(Saved entries)

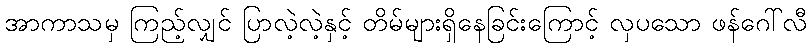
အာကာသမှ ကြည့်လျှင် ပြာလဲ့လဲ့နှင့် တိမ်များရှိနေခြင်းကြောင့် လှပသော ဖန်ဂေါ်လီ
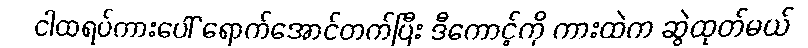
ငါထရပ်ကားပေါ် ရောက်အောင်တက်ပြီး ဒီကောင့်ကို ကားထဲက ဆွဲထုတ်မယ်
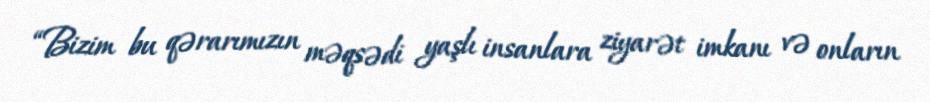
“Bizim bu qərarımızın məqsədi yaşlı insanlara ziyarət imkanı və onların
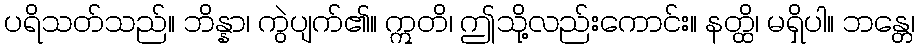
ပရိသတ်သည်။ ဘိန္နာ၊ ကွဲပျက်၏။ ဣတိ၊ ဤသို့လည်းကောင်း။ နတ္ထိ၊ မရှိပါ။ ဘန္တေ၊
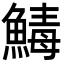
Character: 𩹝
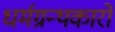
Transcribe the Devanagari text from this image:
धर्मग्रन्थकारों
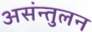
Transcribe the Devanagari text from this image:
असंन्तुलन
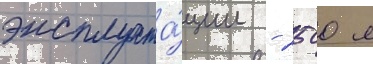
эксплуата́ции - 2500 л
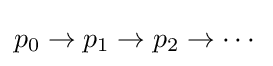
p_{0}\rightarrow p_{1}\rightarrow p_{2}\rightarrow \cdots
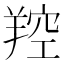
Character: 羫
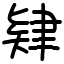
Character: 肄
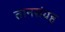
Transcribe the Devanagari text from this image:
तानसंग्रह
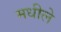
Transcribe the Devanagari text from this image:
मधीले
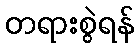
တရားစွဲရန်
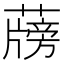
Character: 𦾭
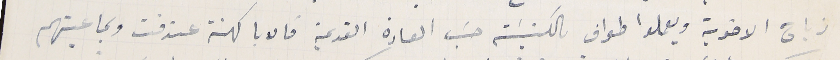
زياح الاخوية ويعملوا طواف بالكنيسَة حسَب العادة القديمة فالابا كهنة عندقت وبماعيتهم
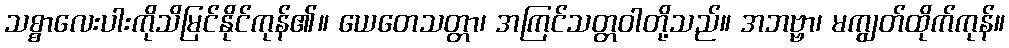
သစ္စာလေးပါးကိုသိမြင်နိုင်ကုန်၏။ ယေတေသတ္တာ၊ အကြင်သတ္တဝါတို့သည်။ အဘဗ္ဗာ၊ မကျွတ်ထိုက်ကုန်။
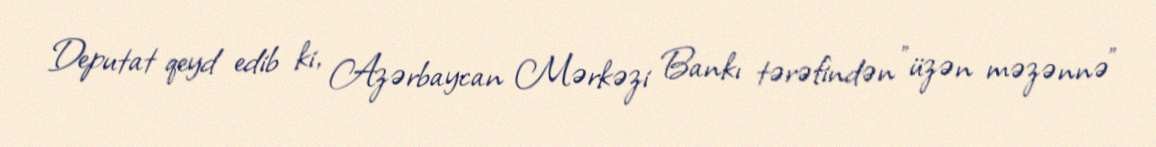
Deputat qeyd edib ki, Azərbaycan Mərkəzi Bankı tərəfindən "üzən məzənnə"
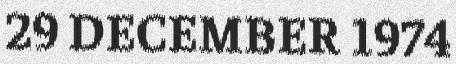
29 DECEMBER 1974
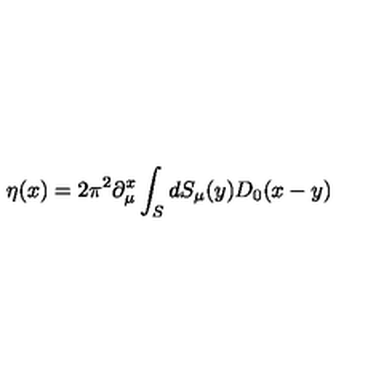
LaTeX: \eta ( x ) = 2 \pi ^ { 2 } \partial _ { \mu } ^ { x } \int _ { S } ^ { } d S _ { \mu } ( y ) D _ { 0 } ( x - y )
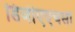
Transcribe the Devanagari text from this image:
डिजीएएचसी
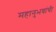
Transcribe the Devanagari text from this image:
महानुभवांची
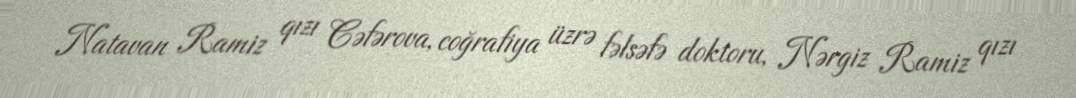
Natavan Ramiz qızı Cəfərova, coğrafiya üzrə fəlsəfə doktoru, Nərgiz Ramiz qızı
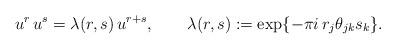
LaTeX: \begin{align*}u^r\,u^s = \lambda(r,s)\, u^{r+s}, \qquad \lambda(r,s) := \exp\{-\pi i\, r_j \theta_{jk} s_k\}.\end{align*}
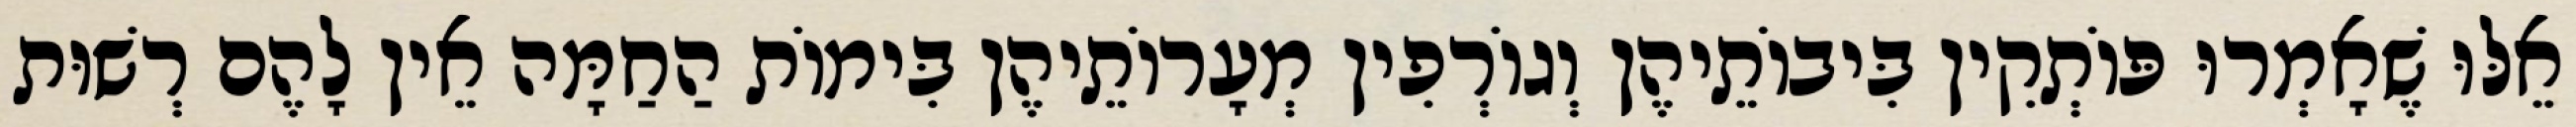
אֵלּוּ שֶׁאָמְרוּ פּוֹתְקִין בִּיבוֹתֵיהֶן וְגוֹרְפִין מְעָרוֹתֵיהֶן בִּימוֹת הַחַמָּה אֵין לָהֶם רְשׁוּת

Task requirements:
Retype exactly the lines from the line containing "Character: 肄" through the end of the entries above, including both ends, and leave every picture out.

Written solution:
Character: 肄
Transcribe the Devanagari text from this image:
तानसंग्रह
Transcribe the Devanagari text from this image:
मधीले
တရားစွဲရန်
Character: 𦾭
زياح الاخوية ويعملوا طواف بالكنيسَة حسَب العادة القديمة فالابا كهنة عندقت وبماعيتهم
သစ္စာလေးပါးကိုသိမြင်နိုင်ကုန်၏။ ယေတေသတ္တာ၊ အကြင်သတ္တဝါတို့သည်။ အဘဗ္ဗာ၊ မကျွတ်ထိုက်ကုန်။
Deputat qeyd edib ki, Azərbaycan Mərkəzi Bankı tərəfindən "üzən məzənnə"
29 DECEMBER 1974
LaTeX: \eta ( x ) = 2 \pi ^ { 2 } \partial _ { \mu } ^ { x } \int _ { S } ^ { } d S _ { \mu } ( y ) D _ { 0 } ( x - y )
Transcribe the Devanagari text from this image:
डिजीएएचसी
Transcribe the Devanagari text from this image:
महानुभवांची
Natavan Ramiz qızı Cəfərova, coğrafiya üzrə fəlsəfə doktoru, Nərgiz Ramiz qızı
LaTeX: \begin{align*}u^r\,u^s = \lambda(r,s)\, u^{r+s}, \qquad \lambda(r,s) := \exp\{-\pi i\, r_j \theta_{jk} s_k\}.\end{align*}
אֵלּוּ שֶׁאָמְרוּ פּוֹתְקִין בִּיבוֹתֵיהֶן וְגוֹרְפִין מְעָרוֹתֵיהֶן בִּימוֹת הַחַמָּה אֵין לָהֶם רְשׁוּת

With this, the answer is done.